Respondents furnished free delivery of purchases and granted credit, which the chain grocery stores did not. Mrs. Conley testified the credit business was better because credit customers did not shop around; also their loss from granted credit was very small. There was thus nothing more than the fact there were other privately owned and chain grocery stores in Caldwell at all times in competition with respondents, but nothing to pinpoint or direct their losses, for the period for which they sued herein, were caused or attributable to competition.

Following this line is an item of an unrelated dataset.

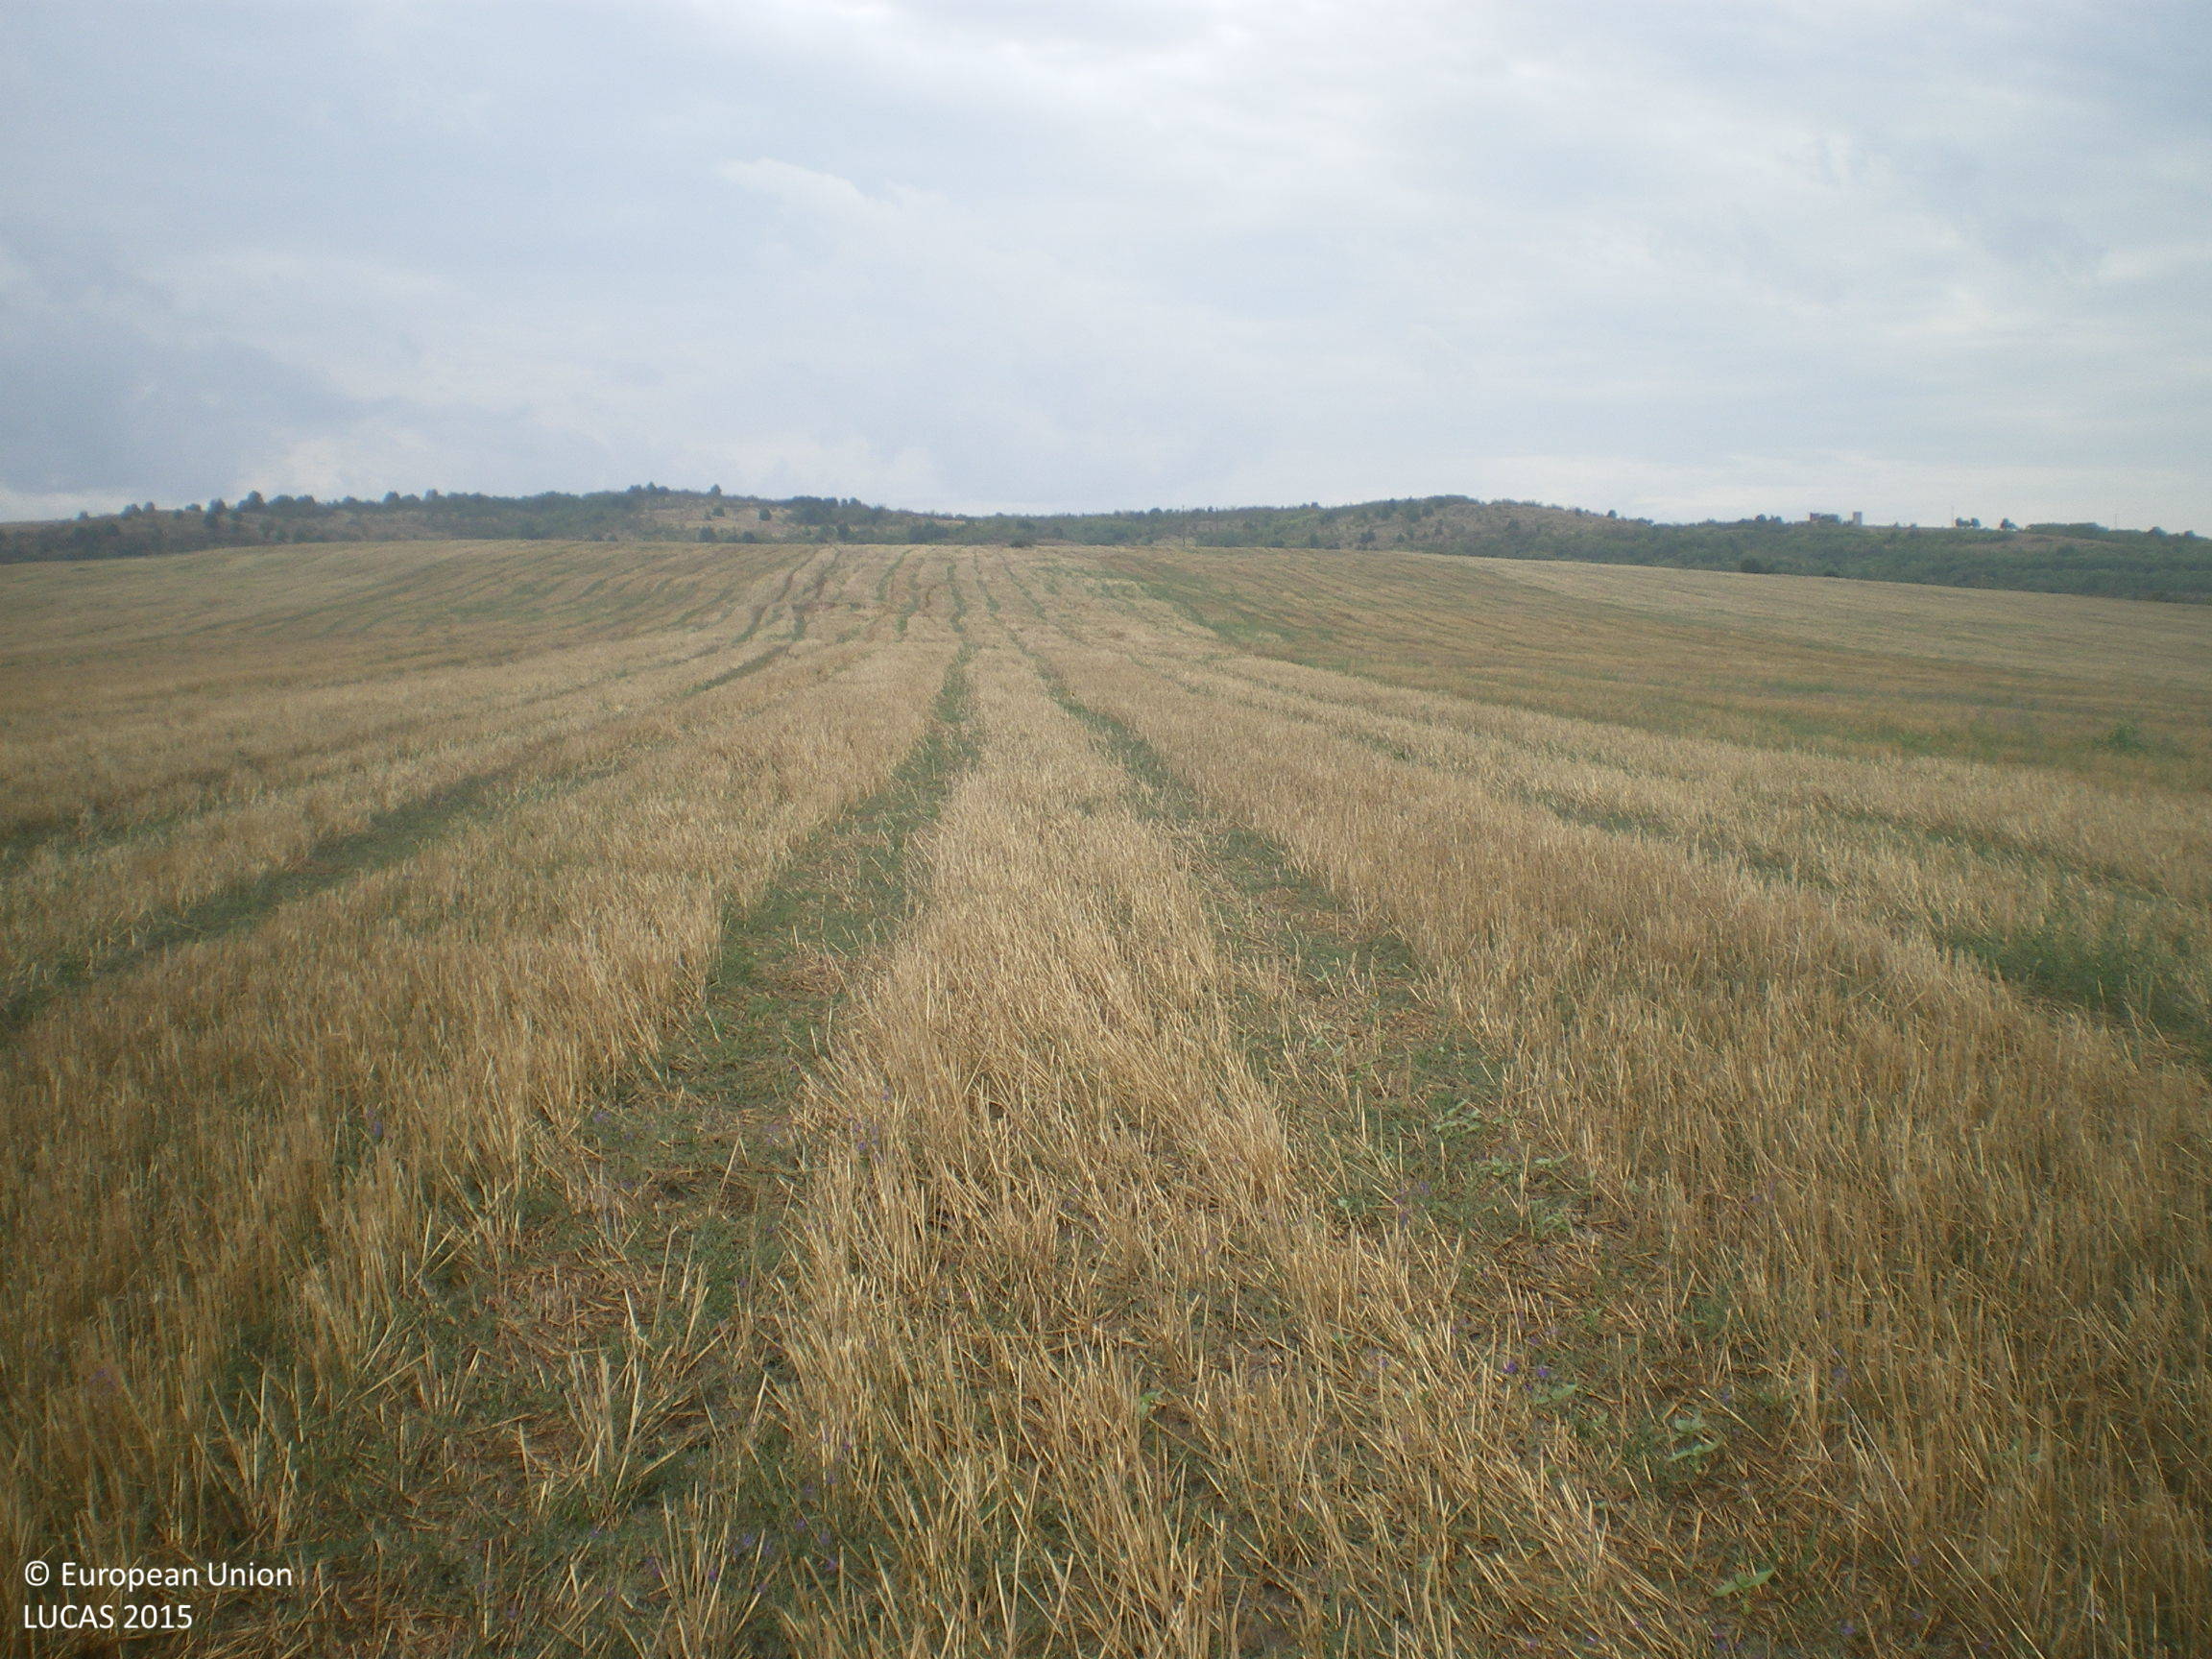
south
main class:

Appellant argues that respondents having ten managers within ten years proves they were inefficient. There was no evidence they were incompetent or were discharged for inefficiency. In view of the record, the trial court could reasonably have considered, as he evidently did, that this turnover was of slight, if any, significance.

It was for the trial court to weigh and find from these various factors, and the evidence was amply sufficient to sustain the court’s finding in this particular, i. e., that respondents’ loss in the amount awarded was due to the odor of beet pulp and not competition or incompetent management and met the test as laid down relative to appellant’s contentions.

“Appellant’s underlying contention is that the record affords no basis other than surmise or conjecture for the court’s determination of the amount of damage caused by the dustfall as distinguished from that attributable to the weather. We are not able to agree. * t- *
“Decision in the cognate case of California Orange Co. v. Riverside Portland Cement Co., 50 Cal.App. 522, 195 P. 694, 697, turned upon a like corn-defendant that during the period of the parison.3 It was there shown by the operation of its cement plant the plaintiff’s orange grove was subject to nattural causes of injury, such as killing frosts and high northerly winds. The court said that if it is impossible to distinguish between the damage arising from injury attributable to the defendant and damage which has another origin, the trier of the facts should be left to make from the evidence the best possible estimate. The court pointed to evidence showing ‘that plaintiff’s grove, though not subject to any greater damage from the elements than other groves situated outside the zone of falling cement dust, did not produce as did the groves similarly situated outside the dust zone.’ The showing was thought sufficient to support the award of damages against the defendant. For a similar holding see International Agr. Corp. v. Abercrombie, 184 Ala. 244, 63 So. 549, 49 L.R. A.,N.S., 415.” Permanente Metals Corp. v. Pista, 9 Cir., 154 F.2d 568, at page 570.
“2. That case was cited with approval by the Supreme Court in Slater v. Pacific American Oil Co., 1931, 212 Cal. 648, 300 P. 31.”
“ ‘It many times happens that the damage arising from an actionable injury, chargeable to the defendant, is, in the nature of things or from the circumstances of the case, indistinguishable from other damage occurring at the same time, attributable to the acts of an independent tort-feasor or to natural causes. In such cases, since the injured party cannot supply the materials necessary to enable the jury to make an exact computation of the damages in suit, the approved practice is to leave it (to) the good sense of the jury, as reasonable men, to form from the evidence the best estimate that can he made under the circumstances, as a basis of compensatory damages for the actionable injury.” California Orange Co. v. Riverside Portland Cement Co., 50 Cal.App. 522, 195 P. 694, 697;

Hill v. Ghappel Bros., 93 Mont. 92, 18. P. 2d 1106; Finnegan v. Royal Realty Co., Cal., 204 P.2d 661, at page 678; Guttinger v. Calaveras Cement Co., 105 Cal.App.2d 382, 233 P.2d 914, at page 917; Griffith v. Kerrigan, 109 Cal.App.2d 637, 241 P.2d 296, at page 298; United Verde Copper Co. v. Jordan, 9 Cir., 14 F.2d 299, 301.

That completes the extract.